[Data records — start]

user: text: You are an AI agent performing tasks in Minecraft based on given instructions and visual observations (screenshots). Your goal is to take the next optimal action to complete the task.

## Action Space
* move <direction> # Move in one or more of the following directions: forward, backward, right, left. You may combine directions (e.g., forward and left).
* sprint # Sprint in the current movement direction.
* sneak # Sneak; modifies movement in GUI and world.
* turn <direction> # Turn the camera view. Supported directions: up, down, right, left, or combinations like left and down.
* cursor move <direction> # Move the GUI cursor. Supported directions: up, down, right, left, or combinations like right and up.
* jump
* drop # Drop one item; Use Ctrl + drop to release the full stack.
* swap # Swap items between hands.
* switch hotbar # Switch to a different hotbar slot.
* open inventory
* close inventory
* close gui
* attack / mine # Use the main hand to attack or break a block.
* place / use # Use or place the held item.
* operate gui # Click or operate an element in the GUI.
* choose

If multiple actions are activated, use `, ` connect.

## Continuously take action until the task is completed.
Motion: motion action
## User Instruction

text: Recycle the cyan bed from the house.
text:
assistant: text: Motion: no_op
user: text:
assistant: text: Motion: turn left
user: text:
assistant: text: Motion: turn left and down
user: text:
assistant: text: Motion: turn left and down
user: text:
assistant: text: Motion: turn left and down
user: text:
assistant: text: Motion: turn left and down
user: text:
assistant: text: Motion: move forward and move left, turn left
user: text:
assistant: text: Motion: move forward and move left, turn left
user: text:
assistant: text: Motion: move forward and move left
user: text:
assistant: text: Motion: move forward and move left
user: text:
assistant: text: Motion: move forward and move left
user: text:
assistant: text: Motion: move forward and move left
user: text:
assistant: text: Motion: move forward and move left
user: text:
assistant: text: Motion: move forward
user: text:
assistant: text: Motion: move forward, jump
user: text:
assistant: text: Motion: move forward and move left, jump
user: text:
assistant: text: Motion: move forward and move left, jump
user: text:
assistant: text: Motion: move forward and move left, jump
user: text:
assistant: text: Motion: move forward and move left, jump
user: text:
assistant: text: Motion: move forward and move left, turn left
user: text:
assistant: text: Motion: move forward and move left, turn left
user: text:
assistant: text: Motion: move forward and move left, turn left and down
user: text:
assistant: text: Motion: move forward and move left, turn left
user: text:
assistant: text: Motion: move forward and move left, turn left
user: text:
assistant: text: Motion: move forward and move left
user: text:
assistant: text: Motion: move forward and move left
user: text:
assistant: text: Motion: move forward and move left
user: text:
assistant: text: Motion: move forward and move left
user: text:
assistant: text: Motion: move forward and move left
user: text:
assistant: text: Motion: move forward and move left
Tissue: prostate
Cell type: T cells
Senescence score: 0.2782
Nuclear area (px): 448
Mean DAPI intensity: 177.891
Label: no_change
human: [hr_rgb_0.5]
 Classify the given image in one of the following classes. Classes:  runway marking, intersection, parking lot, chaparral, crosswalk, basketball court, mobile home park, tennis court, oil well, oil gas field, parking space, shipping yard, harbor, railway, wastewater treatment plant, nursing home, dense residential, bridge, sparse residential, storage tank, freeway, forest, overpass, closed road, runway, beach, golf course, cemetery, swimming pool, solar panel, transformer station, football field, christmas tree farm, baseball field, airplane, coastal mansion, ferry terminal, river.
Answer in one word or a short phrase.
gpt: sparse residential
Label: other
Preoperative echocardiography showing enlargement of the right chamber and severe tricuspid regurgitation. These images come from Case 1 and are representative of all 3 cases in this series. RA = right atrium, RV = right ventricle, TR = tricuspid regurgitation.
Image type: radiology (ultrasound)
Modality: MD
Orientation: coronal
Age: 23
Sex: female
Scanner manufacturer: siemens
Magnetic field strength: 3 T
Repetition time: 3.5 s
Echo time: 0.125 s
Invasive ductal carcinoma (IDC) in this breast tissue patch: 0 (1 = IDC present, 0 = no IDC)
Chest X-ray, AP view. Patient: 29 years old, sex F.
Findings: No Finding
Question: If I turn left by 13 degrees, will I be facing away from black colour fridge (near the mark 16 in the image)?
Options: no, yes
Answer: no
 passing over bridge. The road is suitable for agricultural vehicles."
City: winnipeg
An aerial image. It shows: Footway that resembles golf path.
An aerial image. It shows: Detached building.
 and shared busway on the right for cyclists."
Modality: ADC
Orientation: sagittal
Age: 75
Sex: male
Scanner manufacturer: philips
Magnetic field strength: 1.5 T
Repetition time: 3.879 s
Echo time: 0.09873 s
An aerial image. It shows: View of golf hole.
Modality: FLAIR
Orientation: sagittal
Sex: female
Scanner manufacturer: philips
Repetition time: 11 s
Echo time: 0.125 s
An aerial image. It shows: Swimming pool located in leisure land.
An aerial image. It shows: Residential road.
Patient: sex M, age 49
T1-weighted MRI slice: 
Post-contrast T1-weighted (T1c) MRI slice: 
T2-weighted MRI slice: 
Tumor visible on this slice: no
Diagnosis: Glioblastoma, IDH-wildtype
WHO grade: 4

[Data records — finish]

*Required action*
Exactly as given, restate all the lines above.

*Finished exercise*
user: text: You are an AI agent performing tasks in Minecraft based on given instructions and visual observations (screenshots). Your goal is to take the next optimal action to complete the task.

## Action Space
* move <direction> # Move in one or more of the following directions: forward, backward, right, left. You may combine directions (e.g., forward and left).
* sprint # Sprint in the current movement direction.
* sneak # Sneak; modifies movement in GUI and world.
* turn <direction> # Turn the camera view. Supported directions: up, down, right, left, or combinations like left and down.
* cursor move <direction> # Move the GUI cursor. Supported directions: up, down, right, left, or combinations like right and up.
* jump
* drop # Drop one item; Use Ctrl + drop to release the full stack.
* swap # Swap items between hands.
* switch hotbar # Switch to a different hotbar slot.
* open inventory
* close inventory
* close gui
* attack / mine # Use the main hand to attack or break a block.
* place / use # Use or place the held item.
* operate gui # Click or operate an element in the GUI.
* choose

If multiple actions are activated, use `, ` connect.

## Continuously take action until the task is completed.
Motion: motion action
## User Instruction

text: Recycle the cyan bed from the house.
text:
assistant: text: Motion: no_op
user: text:
assistant: text: Motion: turn left
user: text:
assistant: text: Motion: turn left and down
user: text:
assistant: text: Motion: turn left and down
user: text:
assistant: text: Motion: turn left and down
user: text:
assistant: text: Motion: turn left and down
user: text:
assistant: text: Motion: move forward and move left, turn left
user: text:
assistant: text: Motion: move forward and move left, turn left
user: text:
assistant: text: Motion: move forward and move left
user: text:
assistant: text: Motion: move forward and move left
user: text:
assistant: text: Motion: move forward and move left
user: text:
assistant: text: Motion: move forward and move left
user: text:
assistant: text: Motion: move forward and move left
user: text:
assistant: text: Motion: move forward
user: text:
assistant: text: Motion: move forward, jump
user: text:
assistant: text: Motion: move forward and move left, jump
user: text:
assistant: text: Motion: move forward and move left, jump
user: text:
assistant: text: Motion: move forward and move left, jump
user: text:
assistant: text: Motion: move forward and move left, jump
user: text:
assistant: text: Motion: move forward and move left, turn left
user: text:
assistant: text: Motion: move forward and move left, turn left
user: text:
assistant: text: Motion: move forward and move left, turn left and down
user: text:
assistant: text: Motion: move forward and move left, turn left
user: text:
assistant: text: Motion: move forward and move left, turn left
user: text:
assistant: text: Motion: move forward and move left
user: text:
assistant: text: Motion: move forward and move left
user: text:
assistant: text: Motion: move forward and move left
user: text:
assistant: text: Motion: move forward and move left
user: text:
assistant: text: Motion: move forward and move left
user: text:
assistant: text: Motion: move forward and move left
Tissue: prostate
Cell type: T cells
Senescence score: 0.2782
Nuclear area (px): 448
Mean DAPI intensity: 177.891
Label: no_change
human: [hr_rgb_0.5]
 Classify the given image in one of the following classes. Classes:  runway marking, intersection, parking lot, chaparral, crosswalk, basketball court, mobile home park, tennis court, oil well, oil gas field, parking space, shipping yard, harbor, railway, wastewater treatment plant, nursing home, dense residential, bridge, sparse residential, storage tank, freeway, forest, overpass, closed road, runway, beach, golf course, cemetery, swimming pool, solar panel, transformer station, football field, christmas tree farm, baseball field, airplane, coastal mansion, ferry terminal, river.
Answer in one word or a short phrase.
gpt: sparse residential
Label: other
Preoperative echocardiography showing enlargement of the right chamber and severe tricuspid regurgitation. These images come from Case 1 and are representative of all 3 cases in this series. RA = right atrium, RV = right ventricle, TR = tricuspid regurgitation.
Image type: radiology (ultrasound)
Modality: MD
Orientation: coronal
Age: 23
Sex: female
Scanner manufacturer: siemens
Magnetic field strength: 3 T
Repetition time: 3.5 s
Echo time: 0.125 s
Invasive ductal carcinoma (IDC) in this breast tissue patch: 0 (1 = IDC present, 0 = no IDC)
Chest X-ray, AP view. Patient: 29 years old, sex F.
Findings: No Finding
Question: If I turn left by 13 degrees, will I be facing away from black colour fridge (near the mark 16 in the image)?
Options: no, yes
Answer: no
 passing over bridge. The road is suitable for agricultural vehicles."
City: winnipeg
An aerial image. It shows: Footway that resembles golf path.
An aerial image. It shows: Detached building.
 and shared busway on the right for cyclists."
Modality: ADC
Orientation: sagittal
Age: 75
Sex: male
Scanner manufacturer: philips
Magnetic field strength: 1.5 T
Repetition time: 3.879 s
Echo time: 0.09873 s
An aerial image. It shows: View of golf hole.
Modality: FLAIR
Orientation: sagittal
Sex: female
Scanner manufacturer: philips
Repetition time: 11 s
Echo time: 0.125 s
An aerial image. It shows: Swimming pool located in leisure land.
An aerial image. It shows: Residential road.
Patient: sex M, age 49
T1-weighted MRI slice: 
Post-contrast T1-weighted (T1c) MRI slice: 
T2-weighted MRI slice: 
Tumor visible on this slice: no
Diagnosis: Glioblastoma, IDH-wildtype
WHO grade: 4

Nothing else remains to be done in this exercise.